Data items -
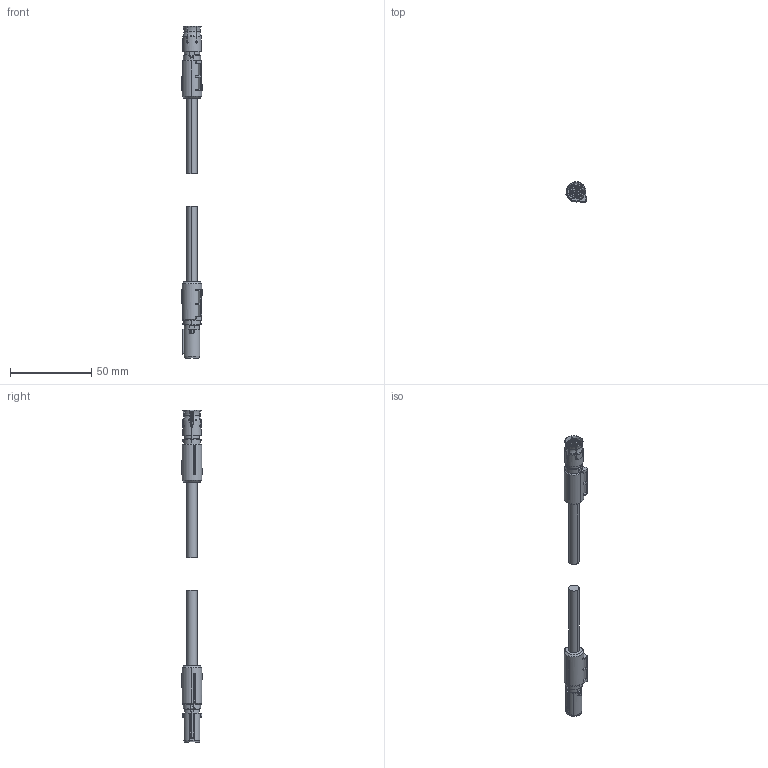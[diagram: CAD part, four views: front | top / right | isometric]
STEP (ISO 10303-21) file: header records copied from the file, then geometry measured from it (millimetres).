
FILE_DESCRIPTION(('CATIA V5 STEP Exchange','CAx-IF Rec.Pracs.--- Model Styling and Organization---1.4--- 2014-01-23'),'2;1');
FILE_NAME ('369969-1_1_2503801500_2503801500.stp','2020-03-03T07:24:50+00:00',('none'),('Weidmueller'),'CATIA Version 5-6 Release 2016 SP3 HF44','CATIA V5 STEP AP214','none');
FILE_SCHEMA(('AUTOMOTIVE_DESIGN { 1 0 10303 214 1 1 1 1 }'));
Length unit declared in the file: millimetre
Products named in the file (1): 2503801500
Bounding box: 12.41 x 12.41 x 204.85 mm (x, y, z)
Volume: 11449.4 mm3; surface area: 7676 mm2
Topology: 14 solids, 14 shells, 787 faces, 2030 edges, 1254 vertices
Faces by surface type: plane 269, cylinder 249, torus 96, bspline 75, cone 60, sphere 38
Entity records: 25621 total; most frequent: CARTESIAN_POINT 8666, ORIENTED_EDGE 3976, DIRECTION 2681, EDGE_CURVE 1988, VERTEX_POINT 1254, AXIS2_PLACEMENT_3D 1201, EDGE_LOOP 812, VECTOR 809
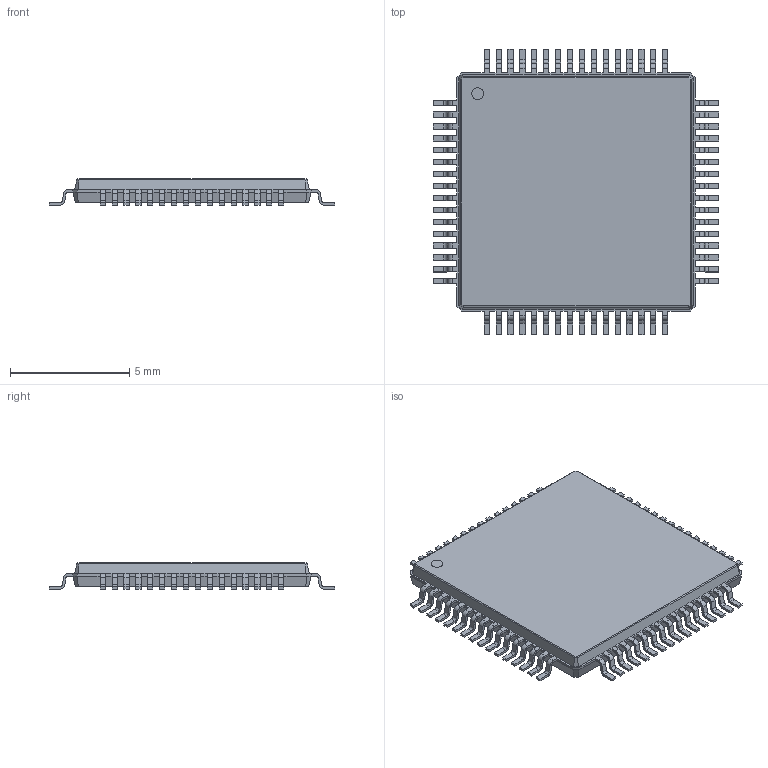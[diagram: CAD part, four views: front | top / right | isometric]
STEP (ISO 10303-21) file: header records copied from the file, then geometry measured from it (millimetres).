
FILE_DESCRIPTION(/* description */ ('model of TQFP-64_10x10mm_P0.5mm'),/* implementation_level */ '2;1');
FILE_NAME(/* name */ 'TQFP-64_10x10mm_P0.5mm.step',/* time_stamp */ '1970-01-01T00:00:00',/* author */ ('KiCAD','kicad'),/* organization */ ('OCCT'),/* preprocessor_version */ '',/* originating_system */ 'KiCAD',/* authorisation */ '');
FILE_SCHEMA(('AUTOMOTIVE_DESIGN { 1 0 10303 214 1 1 1 1 }'));
Length unit declared in the file: millimetre
Products named in the file (1): TQFP-64_10x10mm_P0.5mm
Bounding box: 12 x 12 x 1.1 mm (x, y, z)
Volume: 98.8 mm3; surface area: 288.3 mm2
Topology: 1 solids, 1 shells, 995 faces, 2705 edges, 1713 vertices
Faces by surface type: plane 715, cylinder 256, bspline 24
Entity records: 20128 total; most frequent: ORIENTED_EDGE 4626, EDGE_CURVE 2705, CARTESIAN_POINT 2593, VERTEX_POINT 1713, LINE 1696, AXIS2_PLACEMENT_3D 1262, FACE_BOUND 996, EDGE_LOOP 996

What you will do -
Exactly reproduce the entries above, minus the pictures.

Solution to the exercise -
[diagram: CAD part, four views: front | top / right | isometric]
STEP (ISO 10303-21) file: header records copied from the file, then geometry measured from it (millimetres).
FILE_DESCRIPTION(('CATIA V5 STEP Exchange','CAx-IF Rec.Pracs.--- Model Styling and Organization---1.4--- 2014-01-23'),'2;1');
FILE_NAME ('369969-1_1_2503801500_2503801500.stp','2020-03-03T07:24:50+00:00',('none'),('Weidmueller'),'CATIA Version 5-6 Release 2016 SP3 HF44','CATIA V5 STEP AP214','none');
FILE_SCHEMA(('AUTOMOTIVE_DESIGN { 1 0 10303 214 1 1 1 1 }'));
Length unit declared in the file: millimetre
Products named in the file (1): 2503801500
Bounding box: 12.41 x 12.41 x 204.85 mm (x, y, z)
Volume: 11449.4 mm3; surface area: 7676 mm2
Topology: 14 solids, 14 shells, 787 faces, 2030 edges, 1254 vertices
Faces by surface type: plane 269, cylinder 249, torus 96, bspline 75, cone 60, sphere 38
Entity records: 25621 total; most frequent: CARTESIAN_POINT 8666, ORIENTED_EDGE 3976, DIRECTION 2681, EDGE_CURVE 1988, VERTEX_POINT 1254, AXIS2_PLACEMENT_3D 1201, EDGE_LOOP 812, VECTOR 809
[diagram: CAD part, four views: front | top / right | isometric]
STEP (ISO 10303-21) file: header records copied from the file, then geometry measured from it (millimetres).
FILE_DESCRIPTION(/* description */ ('model of TQFP-64_10x10mm_P0.5mm'),/* implementation_level */ '2;1');
FILE_NAME(/* name */ 'TQFP-64_10x10mm_P0.5mm.step',/* time_stamp */ '1970-01-01T00:00:00',/* author */ ('KiCAD','kicad'),/* organization */ ('OCCT'),/* preprocessor_version */ '',/* originating_system */ 'KiCAD',/* authorisation */ '');
FILE_SCHEMA(('AUTOMOTIVE_DESIGN { 1 0 10303 214 1 1 1 1 }'));
Length unit declared in the file: millimetre
Products named in the file (1): TQFP-64_10x10mm_P0.5mm
Bounding box: 12 x 12 x 1.1 mm (x, y, z)
Volume: 98.8 mm3; surface area: 288.3 mm2
Topology: 1 solids, 1 shells, 995 faces, 2705 edges, 1713 vertices
Faces by surface type: plane 715, cylinder 256, bspline 24
Entity records: 20128 total; most frequent: ORIENTED_EDGE 4626, EDGE_CURVE 2705, CARTESIAN_POINT 2593, VERTEX_POINT 1713, LINE 1696, AXIS2_PLACEMENT_3D 1262, FACE_BOUND 996, EDGE_LOOP 996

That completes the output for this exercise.